Regardless of one's feelings on “the world order”, that order is rapidly changing. This may exacerbate existing risks in your software supply chain or create new and surprising ones. In chaotic situations a common saying is worry only about the things which you yourself can control. In a software supply chain with complex and intertwined dependencies, what is the changing shape of “control”?

Some say the answer is found in OSS and to a degree it may be, if the desire is sovereignty or self-reliance relative to dominant market players and proprietary solutions. But OSS is inherently global. Is this a contradiction?

It is not possible to know conclusively today where in the world are the contributors behind all the projects upon which you depend, much less their potential allegiances. Simply put: GitHub does not require upload and validation of the passport(s) of account holders, much less proof of account holder political or other affiliations.

It would be ridiculous to conceive a risk management regime that depends upon such validation.

And yet there are voices calling for exactly that, as if it would be some type of viably magic building block for success. The metaphorical silver bullet.

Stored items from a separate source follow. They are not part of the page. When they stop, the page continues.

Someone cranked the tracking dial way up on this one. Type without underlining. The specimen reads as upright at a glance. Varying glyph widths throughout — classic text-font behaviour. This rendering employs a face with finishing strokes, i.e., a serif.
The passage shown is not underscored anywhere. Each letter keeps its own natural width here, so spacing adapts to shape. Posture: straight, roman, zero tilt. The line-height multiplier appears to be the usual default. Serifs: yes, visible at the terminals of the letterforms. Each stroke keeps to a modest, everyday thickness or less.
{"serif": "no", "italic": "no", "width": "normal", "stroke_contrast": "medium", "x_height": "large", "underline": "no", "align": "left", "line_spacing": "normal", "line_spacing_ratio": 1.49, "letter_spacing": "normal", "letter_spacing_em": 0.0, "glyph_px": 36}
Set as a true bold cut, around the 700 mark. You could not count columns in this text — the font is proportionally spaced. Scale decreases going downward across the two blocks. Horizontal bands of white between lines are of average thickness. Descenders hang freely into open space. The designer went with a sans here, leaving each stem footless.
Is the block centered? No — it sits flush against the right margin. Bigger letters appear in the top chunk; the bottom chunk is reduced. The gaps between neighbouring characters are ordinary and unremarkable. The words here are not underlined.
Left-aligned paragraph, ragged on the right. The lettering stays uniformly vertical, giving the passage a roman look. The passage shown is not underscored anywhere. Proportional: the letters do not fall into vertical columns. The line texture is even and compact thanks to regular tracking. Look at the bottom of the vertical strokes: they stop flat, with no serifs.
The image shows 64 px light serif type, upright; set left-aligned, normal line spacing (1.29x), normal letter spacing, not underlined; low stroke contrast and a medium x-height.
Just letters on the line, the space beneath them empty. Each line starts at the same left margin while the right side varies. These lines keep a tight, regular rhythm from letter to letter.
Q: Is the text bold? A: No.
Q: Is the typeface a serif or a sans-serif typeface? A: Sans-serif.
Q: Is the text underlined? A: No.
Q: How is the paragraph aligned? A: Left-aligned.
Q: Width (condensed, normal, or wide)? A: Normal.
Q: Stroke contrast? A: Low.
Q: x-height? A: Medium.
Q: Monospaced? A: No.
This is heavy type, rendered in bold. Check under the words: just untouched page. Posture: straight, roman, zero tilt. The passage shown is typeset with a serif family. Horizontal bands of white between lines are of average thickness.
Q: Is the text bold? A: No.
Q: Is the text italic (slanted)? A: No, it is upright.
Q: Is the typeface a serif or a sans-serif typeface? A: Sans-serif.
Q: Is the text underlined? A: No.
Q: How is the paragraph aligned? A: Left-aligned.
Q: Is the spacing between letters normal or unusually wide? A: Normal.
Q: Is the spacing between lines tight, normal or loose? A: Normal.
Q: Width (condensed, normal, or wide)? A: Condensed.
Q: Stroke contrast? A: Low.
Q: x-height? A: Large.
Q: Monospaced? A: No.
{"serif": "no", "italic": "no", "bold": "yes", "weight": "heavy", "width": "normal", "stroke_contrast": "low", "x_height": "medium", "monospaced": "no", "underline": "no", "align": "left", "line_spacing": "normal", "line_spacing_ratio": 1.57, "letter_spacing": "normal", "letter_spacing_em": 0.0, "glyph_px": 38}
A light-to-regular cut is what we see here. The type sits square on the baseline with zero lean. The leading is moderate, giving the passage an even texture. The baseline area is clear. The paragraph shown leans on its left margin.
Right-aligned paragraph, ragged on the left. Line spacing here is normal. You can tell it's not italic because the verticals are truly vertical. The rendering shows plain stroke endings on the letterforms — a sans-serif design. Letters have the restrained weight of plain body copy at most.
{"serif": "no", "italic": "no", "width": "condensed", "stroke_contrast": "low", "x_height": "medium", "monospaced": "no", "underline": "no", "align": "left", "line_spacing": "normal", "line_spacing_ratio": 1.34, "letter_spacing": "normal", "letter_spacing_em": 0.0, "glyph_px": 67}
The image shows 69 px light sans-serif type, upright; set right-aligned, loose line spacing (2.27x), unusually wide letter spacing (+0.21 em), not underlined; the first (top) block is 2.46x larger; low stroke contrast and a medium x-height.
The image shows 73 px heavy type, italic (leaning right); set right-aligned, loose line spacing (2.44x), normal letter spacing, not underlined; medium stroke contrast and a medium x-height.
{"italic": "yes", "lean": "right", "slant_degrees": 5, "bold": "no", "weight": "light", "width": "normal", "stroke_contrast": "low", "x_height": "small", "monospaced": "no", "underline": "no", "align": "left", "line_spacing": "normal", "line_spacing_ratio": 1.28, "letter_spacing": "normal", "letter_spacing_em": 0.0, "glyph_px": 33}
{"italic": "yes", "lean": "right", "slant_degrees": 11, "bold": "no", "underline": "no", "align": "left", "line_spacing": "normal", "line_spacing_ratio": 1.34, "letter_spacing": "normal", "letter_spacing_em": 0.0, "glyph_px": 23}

Barring a sudden and radical realignment of societies, the likes of which have not been seen in history, there is no silver bullet. Asymmetric advantage to the threat actors.

People > process > code

What do you do when you’re left questioning and suspicious of the very people whose code runs in the most critical and deeply embedded foundations of your business?

Going back to the value hierarchy previously discussed, if the threat is people then the answer may be an additional higher layer in that hierarchy – or the hierarchy needs rethinking.

We naturally understand all-powerful actors are the definition of unbounded threat and that needs to be constrained. This might lead to a proposed hierarchy such as:

Risk management guardrails > independent actors > project processes > project code

But risk management guardrails are process. And process is most durable when it is implemented in code. Which is perhaps to say:

Code > process > people

And there we begin to see this is actually a continuum.

People ↔ process ↔ code

Or better, the situation is something like a graph. And it is complex. See figure 4 in Baltes And Diehl's "Towards a Theory of Software Development Expertise":

What does all this mean with OSS and supply chains? Fortunately the answer is already known. 

Actively managing a software supply chain’s security means diving deeper into component quality. With OSS you have an increased opportunity, and increasingly obligation, to dive into project processes and project code, in order to gain a sense of whether people and processes and code are sufficiently trustworthy and protected against through code and process and people.

With OSS you get the opportunity to review and judge processes as well as code and automation. You can observe and judge the visible actions of people. This may feel daunting and subjective, but is often objective and even scalable as a distributed task following shared assessment frameworks collaboratively in the open.

Many projects work to ensure they themselves do not stumble due to individuals, whether incidental contributors or core maintainers. With OSS that work is visible for your inspection. Artifacts are visible with more transparency and depth than what is available in a SOC2 report, if your vendor happens to be willing to give you one.

Additionally you have the opportunity in OSS to show up and participate more actively than just reviews.

You can make a project upon which you depend objectively better. Better in people. Better in processes. And better in code. Better by more participants being there and contributing. This in turn also shaves away at one of the most challenging threat vectors: intent.